Sand is pouring from a pipe at the rate of $12{\rm{c}}{{\rm{m}}^{\rm{3}}}{\rm{/s}}$. The falling sand forms a cone on the ground in such a way that the height of the cone is always one-sixth of the radius of the base. How fast is the height of the sand cone increasing when the height is $4{\rm{ cm}}$?

Let us assume that at any instant of time $t$, the radius of the base of the cone be $r$, its height be $h$ and the volume of the sand cone be $V$, then $h = \cfrac{1}{6}r \Rightarrow r = 6h$
and $V = \cfrac{1}{3}\pi {r^2}h = \cfrac{1}{3}\pi {(6h)^2}h = 12\pi {h^3}$ …(i)

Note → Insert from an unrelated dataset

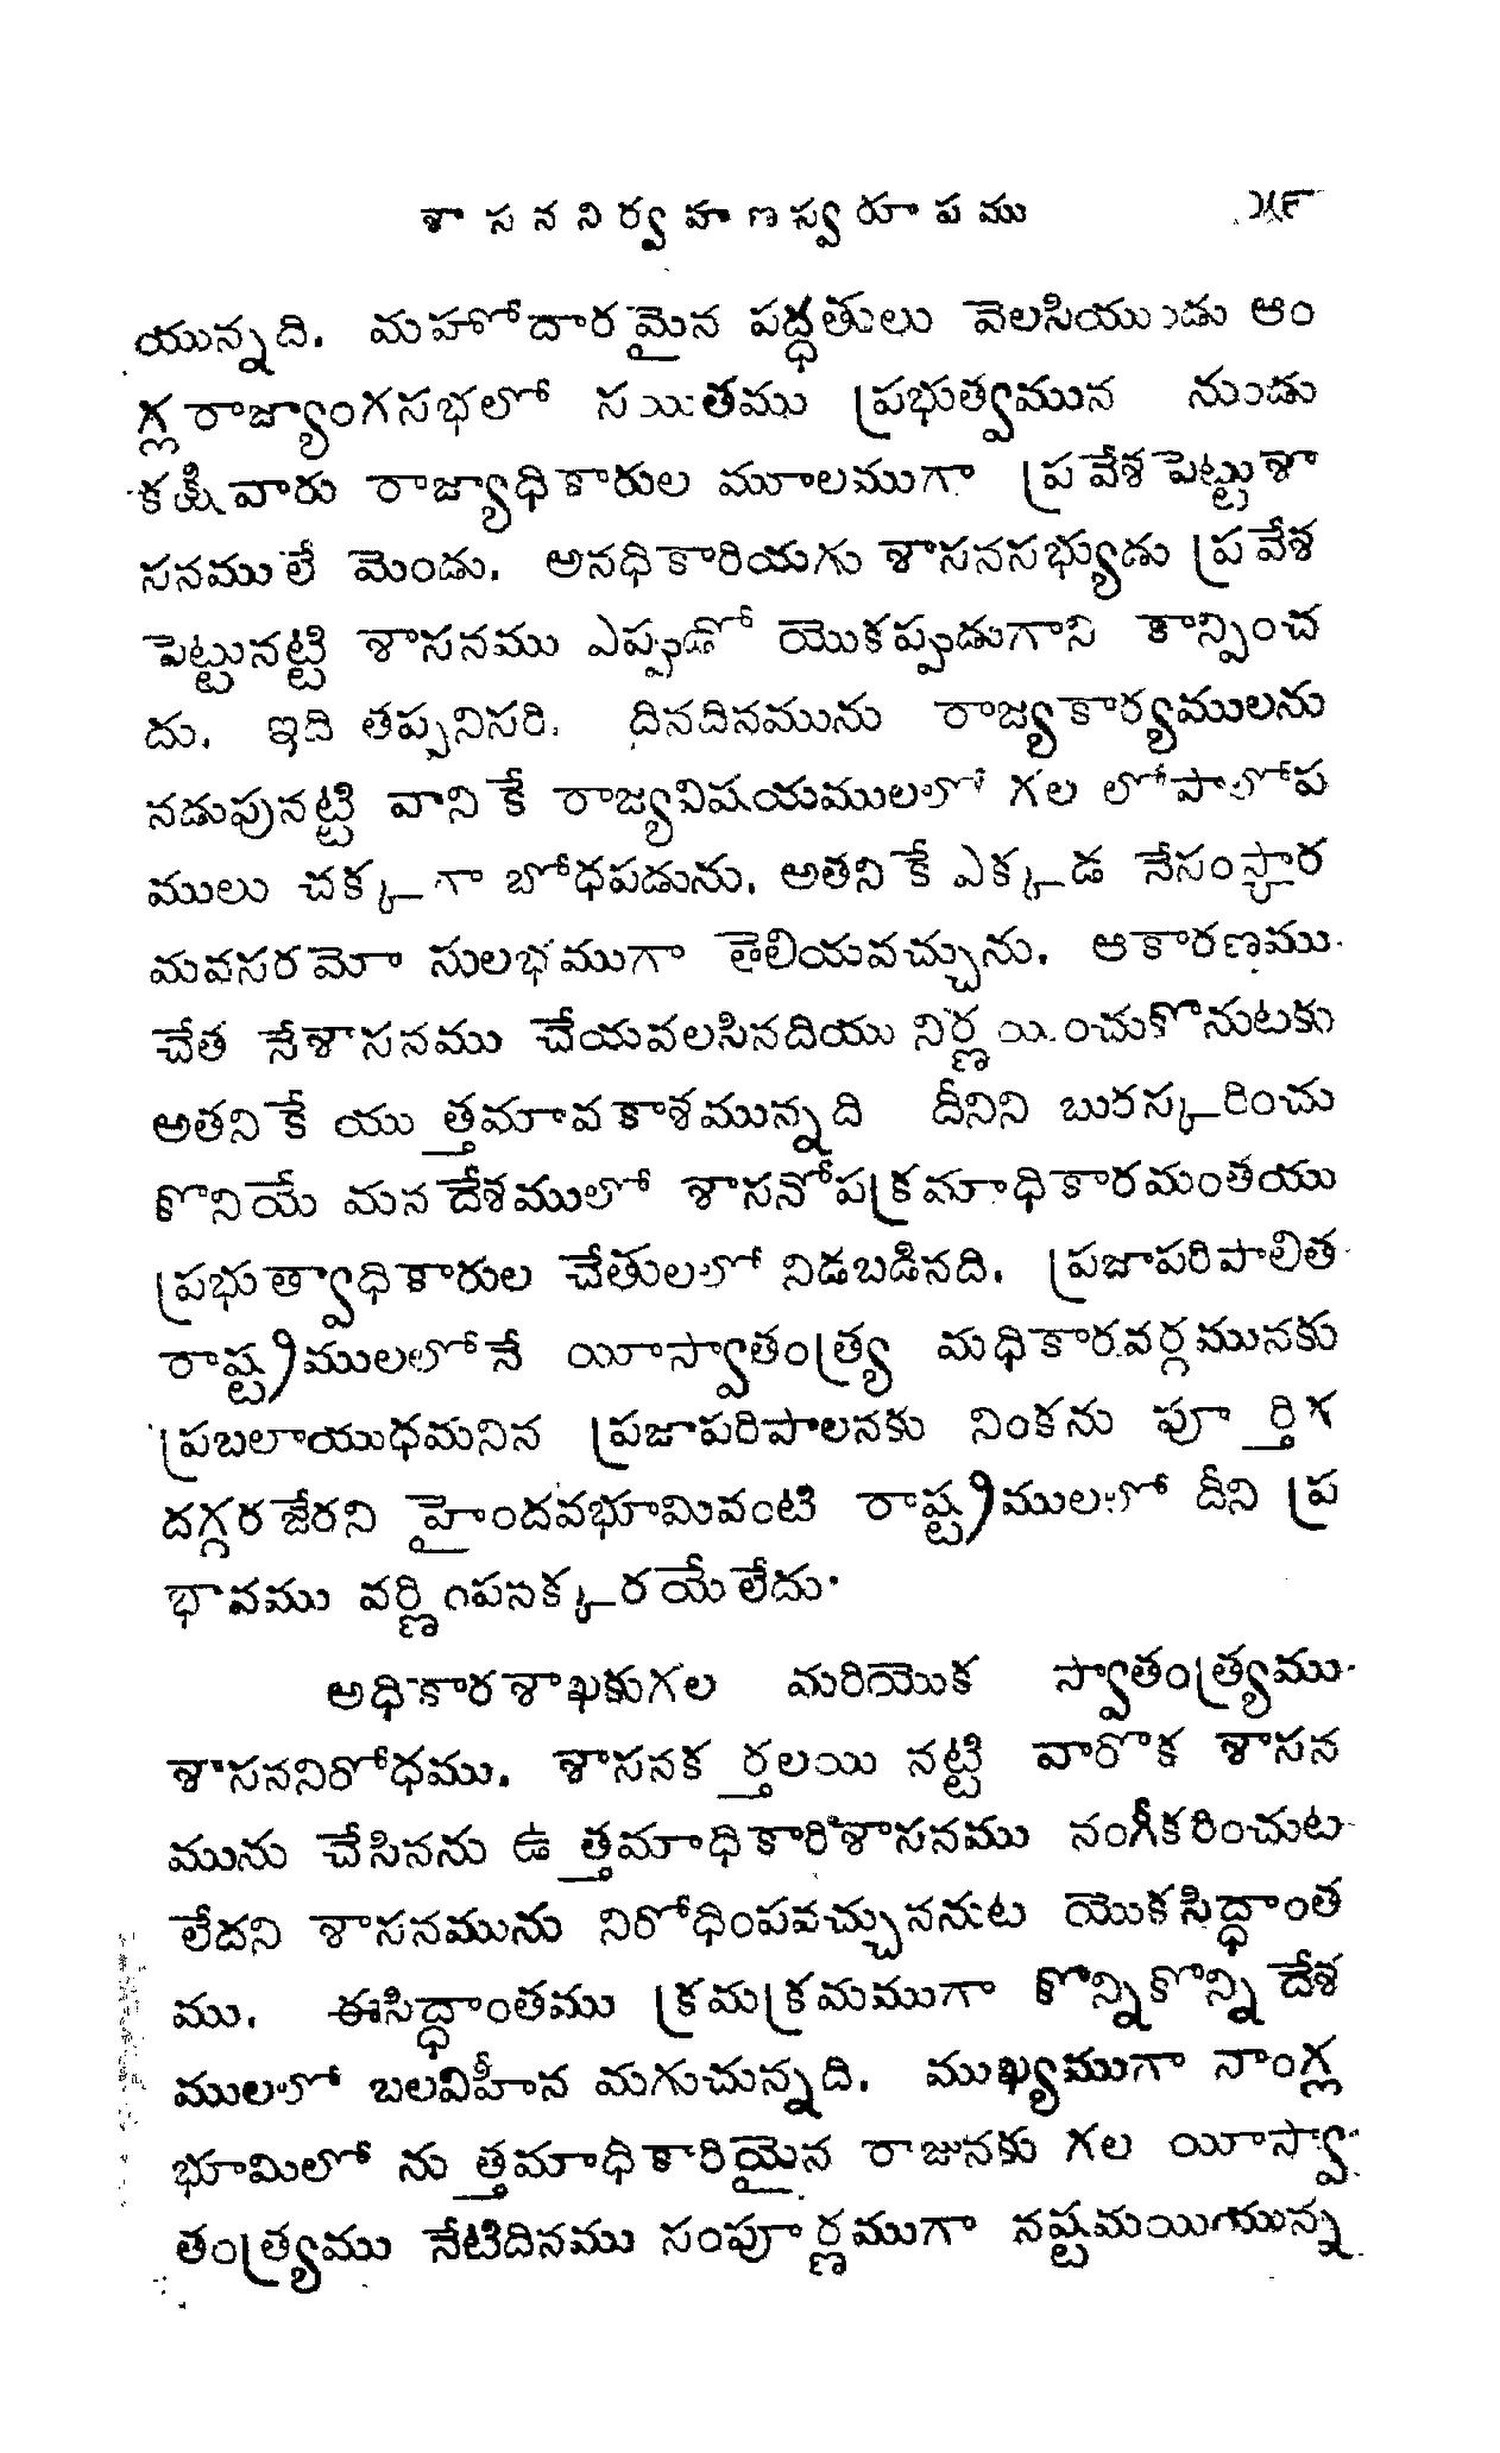యున్నది. మహోదారమైన పద్ధతులు వెలసియుండు ఆంగ్లరాజ్యాంగసభలో సయితము ప్రభుత్వమున నుండు కక్షివారు రాజ్యాధికారుల మూలముగా ప్రవేశపెట్టుశాసనములే మెండు. అనధికారియగు శాసనసభ్యుడు ప్రవేశ పెట్టునట్టి శాసనము ఎప్పుడో యొకప్పుడుగాని కాన్పించదు. ఇది తప్పనిసరి. దినదినమును రాజ్యకార్యములను నడుపునట్టి వానికే రాజ్యవిషయములలో గల లోపాలోపములు చక్కగా బోధపడును. అతనికే ఎక్కడ నేసంస్కార మవసరమో సులభముగా తెలియవచ్చును. ఆకారణముచేత నేశాసనము చేయవలసినదియు నిర్ణయించుకొనుటకు అతనికే యుత్తమావకాశ మున్నది. దీనిని బురస్కరించుకొనియే మనదేశములో శాసనోపక్రమాధికారమంతయు ప్రభుత్వాధి కారుల చేతులలో నిడబడినది. ప్రజాపరిపాలిత రాష్ట్రములలోనే యీస్వాతంత్ర్య మధికారవర్గమునకు
ప్రబలాయుధమనిన ప్రజాపరిపాలనకు నింకను పూర్తిగ దగ్గరజేరని హైందవభూమివంటి రాష్ట్రములలో దీని ప్రభావము వర్ణింపనక్కరయే లేదు.

అధికారశాఖకుగల మరియొక స్వాతంత్ర్యము శాసననిరోధము. శాసనకర్తలయి నట్టి వారొక శాసనమును చేసినను ఉత్తమాధికారిశాసనము నంగీకరించుట లేదని శాసనమును నిరోధింపవచ్చు ననుట యొకసిద్ధాంతము. ఈసిద్ధాంతము క్రమక్రమముగా కొన్నికొన్ని దేశములలో బలవిహీన మగుచున్నది. ముఖ్యముగా నాంగ్ల భూమిలో నుత్తమాధికారియైన రాజునకు గల యీస్వాతంత్ర్యము నేటిదినము సంపూర్ణముగా నష్టమయియున్న

Differentiating (i) w.r.t. $t$, we get $\cfrac{{dV}}{{dt}} = \left( {12\pi } \right)\left( {3{h^2}\cfrac{{dh}}{{dt}}} \right)$

$\Rightarrow 12{\rm{c}}{{\rm{m}}^{\rm{3}}}{\rm{/sec}} = 36\pi {\left( {4{\rm{cm}}} \right)^2}\cfrac{{dh}}{{dt}}$

$\Rightarrow \cfrac{{dh}}{{dt}} = \cfrac{{12}}{{36\pi \times 16}}{\rm{cm/sec}} = \cfrac{1}{{48\pi }}{\rm{cm/sec}}$

Therefore the rate of increase of the height of the sand cone $= \cfrac{1}{{48\pi }}$ cm/sec.